Global Comment

Worldwide voices on arts and culture

The final straw

an iced coffee with metal straw

I don’t want to be writing about straws. I’m sick of talking about them. But we (disabled people) have been telling you (non-disabled people) that plastic straws are essential for some people for so long now.

But you weren’t listening. You would suggest alternatives as if we had not thought of them before. Listen, disabled people are the most resourceful people you will ever meet. We can turn a tool for one thing into something that opens a door or turns a lock or grabs our walking stick without even thinking about it. This is because we have to; the world is inaccessible and we use what we have to make it as accessible as possible.

So we use straws to help us drink. Not me, my impairments don’t affect me in that way. But plenty of disabled people use them and many need them to be plastic. Paper straws can disintegrate and cause a choking hazard. Glass straws are frankly terrifying and if you bite down such as during a seizure, I dread to think what kind of injuries you can experience. Pasta straws briefly seemed like a good idea but they can’t be positioned in the way somebody needs them to be to be useful. Same with silicone, and bamboo.

Someone even made a chart. It shows the various alternatives to plastic straws and why, for certain disabled people, they are not the solution that they might initially seem to be.

Plus, we already carry a lot of equipment around with us. A reusable straw might not seem like much of an additional burden, but adding it onto the 87 other bits of crap we have to take with us everywhere we go and it is indeed burdensome. And if we forget it? If they’re outlawed to appease the masses, we can’t have a drink. Imagine being stuck at work in this weather with no way to consume water (or, more importantly, TEA) for 8 hours.

So we’ve been saying this for a year.
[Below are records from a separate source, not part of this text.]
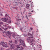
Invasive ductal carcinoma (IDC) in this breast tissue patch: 1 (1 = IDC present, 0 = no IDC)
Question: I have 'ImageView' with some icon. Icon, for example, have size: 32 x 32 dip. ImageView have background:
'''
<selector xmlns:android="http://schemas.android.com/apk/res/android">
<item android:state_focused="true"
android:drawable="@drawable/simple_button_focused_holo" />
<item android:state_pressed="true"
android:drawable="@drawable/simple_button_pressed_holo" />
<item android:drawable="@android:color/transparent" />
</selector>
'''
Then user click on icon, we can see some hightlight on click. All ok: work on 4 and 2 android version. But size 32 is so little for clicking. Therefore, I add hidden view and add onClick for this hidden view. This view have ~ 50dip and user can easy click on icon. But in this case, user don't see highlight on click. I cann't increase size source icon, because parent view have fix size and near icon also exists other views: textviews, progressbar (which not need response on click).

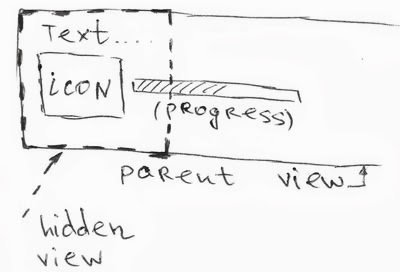
Answer: Can you change the background color of the view when it receives a click? Use some transparent color so the user can still see the 'Button'. Then you can setup a Thread to sleep for some certain amount of time, and then use 'runOnUiThread()' and pass a Runnable that will set the background back to transparent?
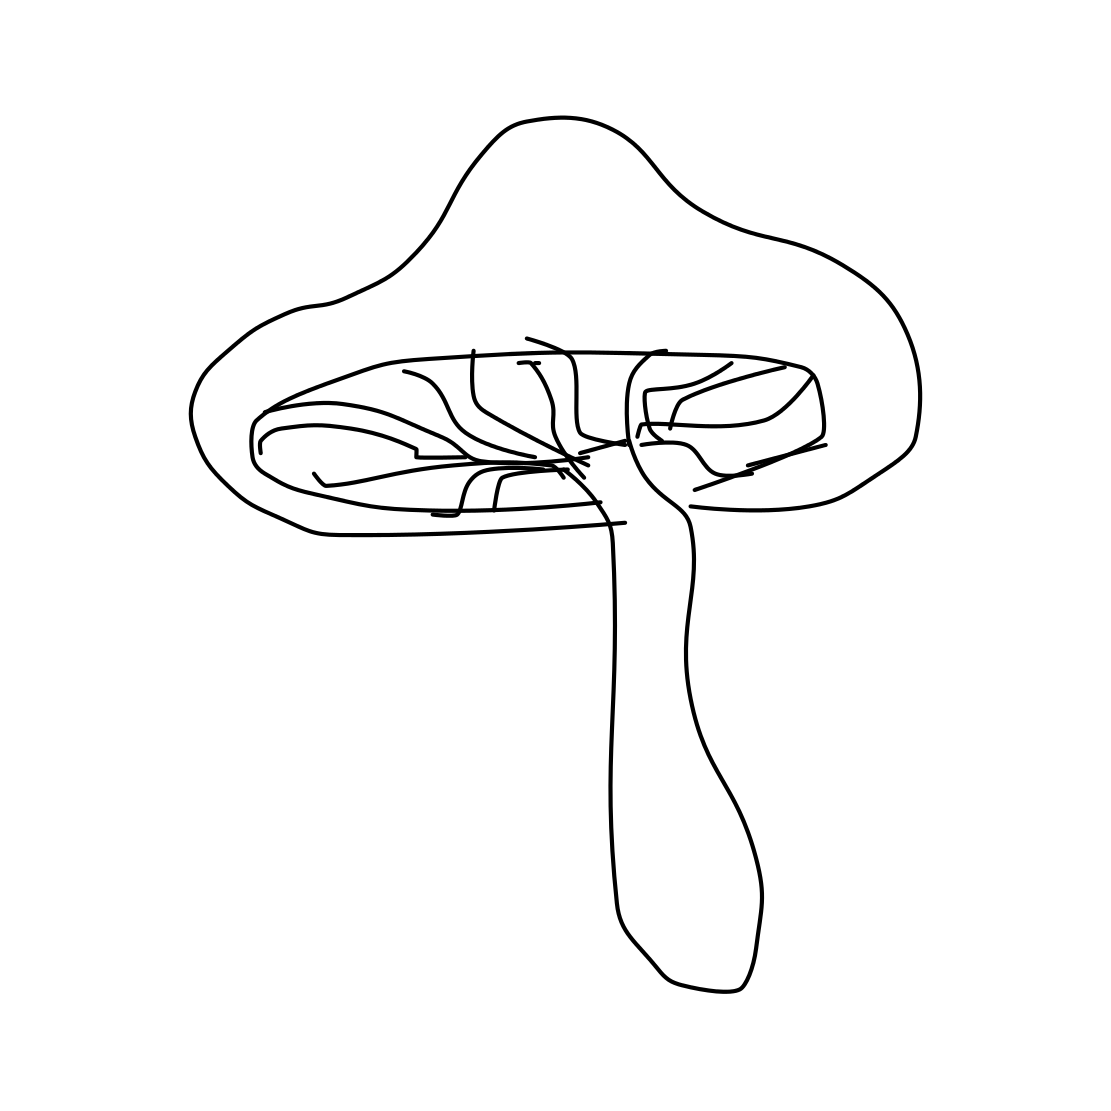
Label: mushroom
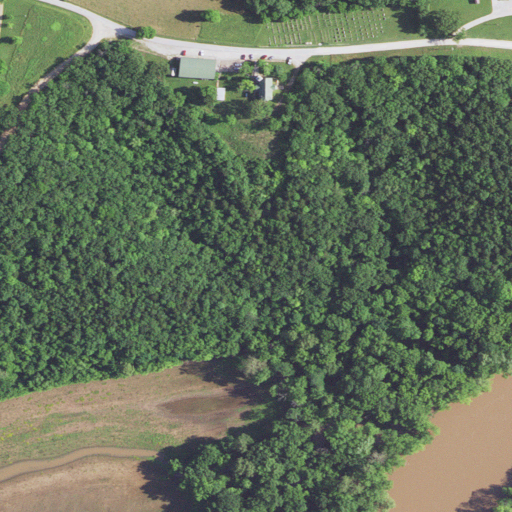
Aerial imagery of cliff(s) in Missouri named Church Bluff containing deciduous forest, woody wetlands, cultivated crops, open development, mixed forest, pasture, open water, low intensity development, high intensity development, and herbaceous wetlands
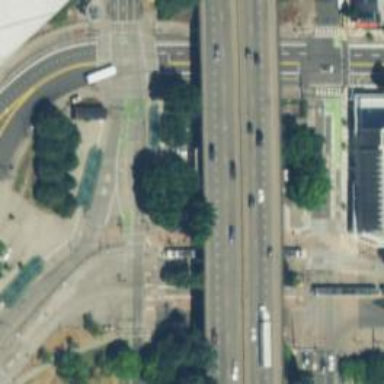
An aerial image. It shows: Busway road.
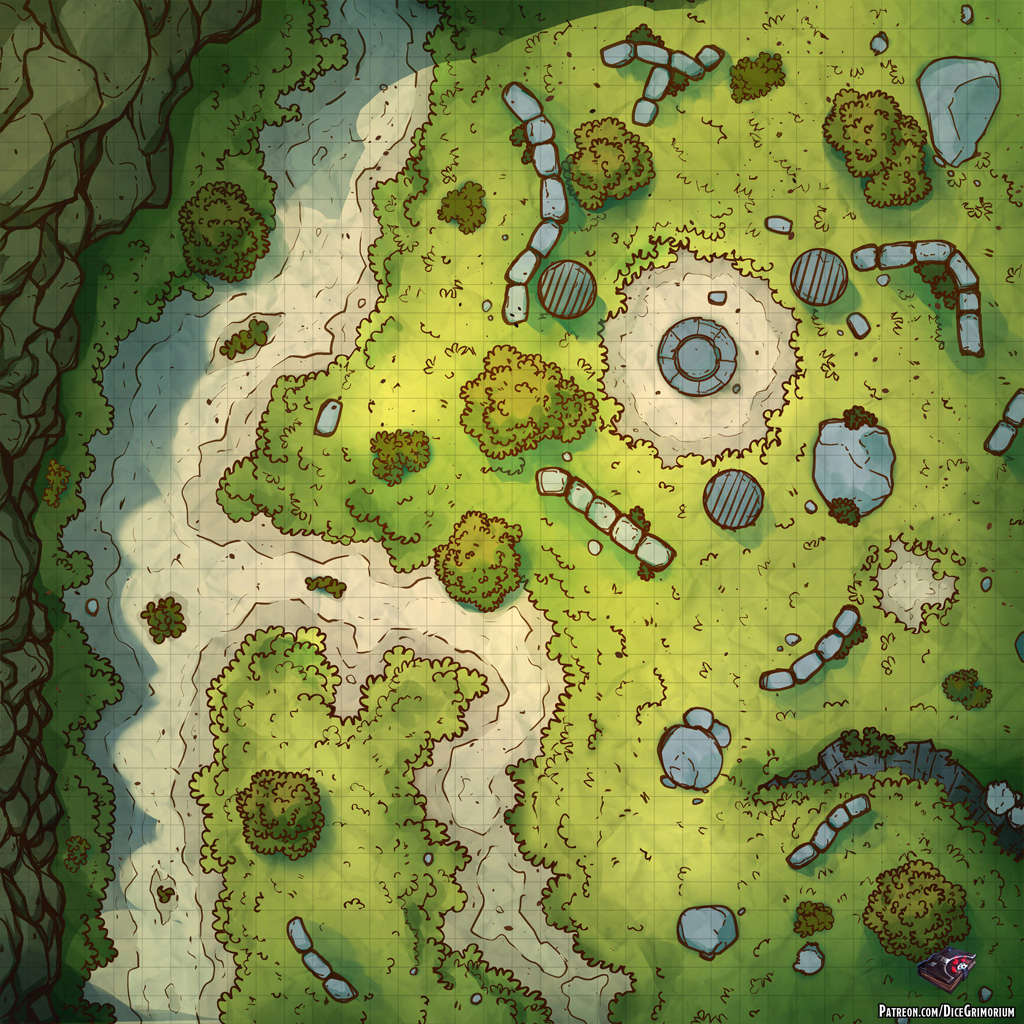
A D&D Grid Map road pedestal stone walls (Road Altar Map)
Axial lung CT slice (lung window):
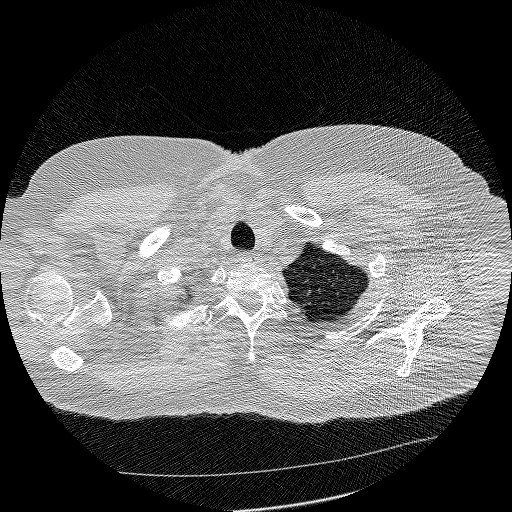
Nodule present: no

The whataboutery is astounding and we really want people to trust our expertise, which we have gained through our own lived experience and the knowledge of those around us. We said that plastic straws were essential. We said that reusable straws could be dangerous. We even said they could kill, and people accused us of exaggeration.

I wish we had been exaggerating. I wish we had been wrong.

But last December, Elena Struthers-Gardner, a disabled woman of 60, collapsed while carrying a mason jar that had a metal straw through the lid. The straw pierced her brain through her eye. Her wife, Mandy Struthers-Gardner, found her and called an ambulance but Elena died the next day. A former jockey, Elena had had periodic collapses following a riding injury in her youth.

Mandy went on to say, “I just feel that in the hands of mobility challenged people like Elena, or children, or even able-bodied people losing their footing, these things are so long and very strong. […] Even if they don’t end a life they can be very dangerous.”

The coroner at her inquest this week said, “Clearly great care should be taken when using these metal straws […] There is no give in them at all. If someone does fall on one and it’s pointed in the wrong direction, serious injury can occur […] It seems the main problem here is if the lid hadn’t been in place the straw would have moved away.”

Nobody is saying that the plight that befell Elena Struthers-Gardner is going to happen all the time. It may not ever happen again in quite the same form. But the risk is there, and the lack of give in such a sturdy material means that, if it is aimed at your face and you’re falling towards it, there is very little that you can do. A plastic straw would collapse. A metal straw will stay exactly where it is when it is in a particular position due to a lid or cover holding it in place.

Regardless of the very apparent dangers to people who need plastic straws, they are to be banned in the UK from next April. Former drug user and Environment Minister Michael Gove said “Urgent and decisive action is needed to tackle plastic pollution and protect our environment. These items are often used for just a few minutes but take hundreds of years to break down, ending up in our seas and oceans and harming precious marine life.”

This is true, but straws account for 0.03% of ocean plastic. Let’s look at discarded fishing nets, which account for almost half of it. Let’s look at how we dispose of plastics so they don’t end up floating in the sea. Let’s look at the massive corporations who could change the future of the oceans in a matter of days if they put their minds to it. Let’s not put disabled people in danger for the sake of a cute soundbite and a policy that will affect them so disproportionately.